No hizo falta mucho tiempo para que el Cielo conmocionara tan comunista región. Porque un 2 de febrero de 1995, no habían pasado ni 6 meses desde que tomara asiento en el jardín de los Gregori la Madonna de Medjugorje, Jessica Gregori -la hija mayor del matrimonio Gregori, por entonces una inocente niña de 4 años- asustó a su padre con unos gritos inusitados.


-¡Papa, Papá, la Madonnina sangra!- Y el padre, agobiado por las prisas, tras haber abandonado la iglesia antes de que empezara la Santa Misa para cambiar el pañal del pequeño, y deseoso de llegar a tiempo a la Misa, ante los gritos de su hija salió de la casa al jardincito presintiendo alguna trastada de la pequeña.

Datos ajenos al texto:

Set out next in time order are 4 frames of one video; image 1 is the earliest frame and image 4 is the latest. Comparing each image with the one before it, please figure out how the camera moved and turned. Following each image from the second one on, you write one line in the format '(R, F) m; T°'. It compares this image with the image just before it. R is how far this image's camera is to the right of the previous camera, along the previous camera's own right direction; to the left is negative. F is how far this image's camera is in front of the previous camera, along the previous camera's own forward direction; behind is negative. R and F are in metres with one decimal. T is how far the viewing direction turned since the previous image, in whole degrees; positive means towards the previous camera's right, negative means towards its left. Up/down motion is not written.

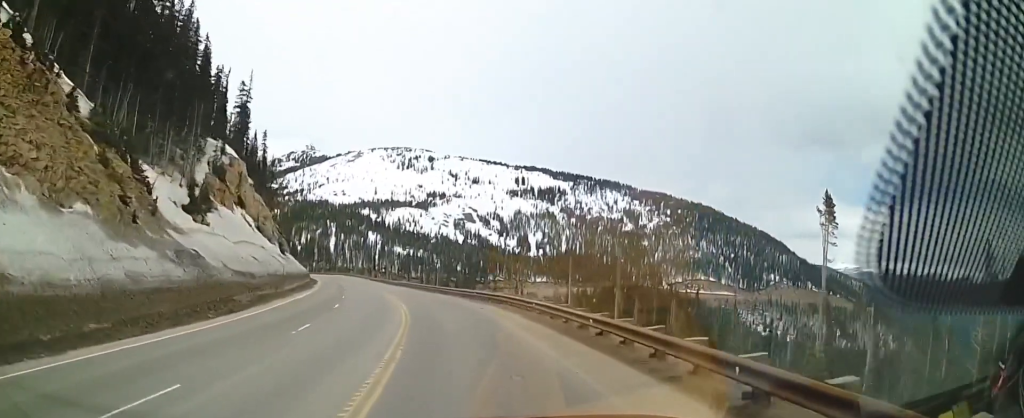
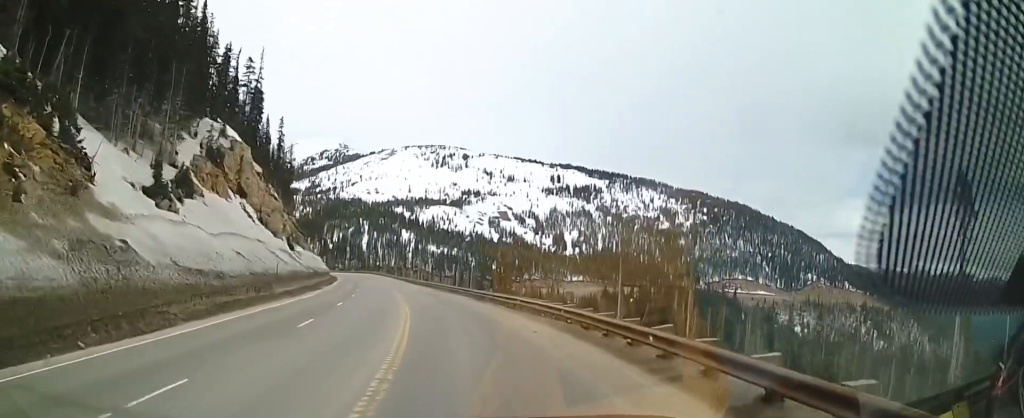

- Papá, ¡es todo sangre!- Concluyó, para más agobio, la pequeña.


Y el padre que llega a la niña, la mira y remira, manos, dedos, pies, tórax... en busca de una herida que justifique la sangre del dedo y los gritos de la niña.


- Papá, no soy yo, es la Madonnina.- Y es decirlo, mirar a la estatuilla de Medjugorje, y verla el rostro bañado de lágrimas, de lágrimas de sangre.


Aquel 2 de febrero de 1995 nuestra Señora tuvo un movimiento desconcertante. Le dio de nuevo por aparecerse, por llamar la atención, y no encontró mejor lugar que una talla de Medjugorje.


Si a la Virgen no le gusta Medjugorje, qué bien lo disimula.